- _WHAT IS EXPECTED_: Repeat every entry exactly. Pictures stay out.

[[ GIVEN ENTRIES, beginning ]]

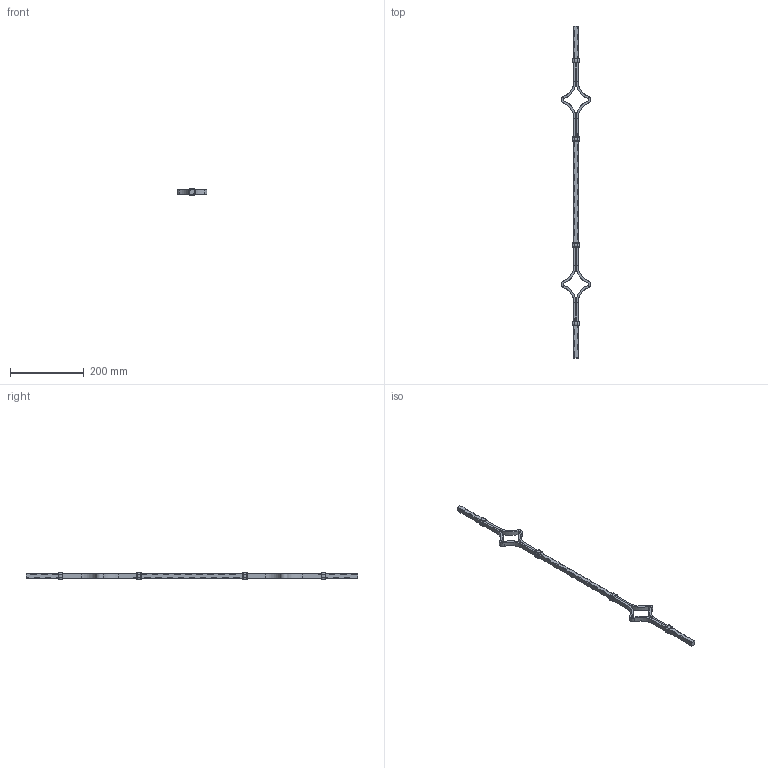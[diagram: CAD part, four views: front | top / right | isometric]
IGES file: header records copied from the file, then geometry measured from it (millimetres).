
Start section: SolidWorks IGES file using analytic representation for surfaces
Global section: file name: 9055-S.igs; native system: SolidWorks 2018; preprocessor: SolidWorks 2018; author: Christian; date: 230615.154327; units: millimetre
Bounding box: 80 x 900 x 18 mm (x, y, z)
Surface area: 63226.6 mm2 (no closed solid volume)
Topology: 0 solids, 0 shells, 1022 faces, 8541 edges, 8411 vertices
Faces by surface type: bspline 730, revolution 292

[[ GIVEN ENTRIES, end ]]

- _RESULT OF THIS TASK_:
[diagram: CAD part, four views: front | top / right | isometric]
IGES file: header records copied from the file, then geometry measured from it (millimetres).
Start section: SolidWorks IGES file using analytic representation for surfaces
Global section: file name: 9055-S.igs; native system: SolidWorks 2018; preprocessor: SolidWorks 2018; author: Christian; date: 230615.154327; units: millimetre
Bounding box: 80 x 900 x 18 mm (x, y, z)
Surface area: 63226.6 mm2 (no closed solid volume)
Topology: 0 solids, 0 shells, 1022 faces, 8541 edges, 8411 vertices
Faces by surface type: bspline 730, revolution 292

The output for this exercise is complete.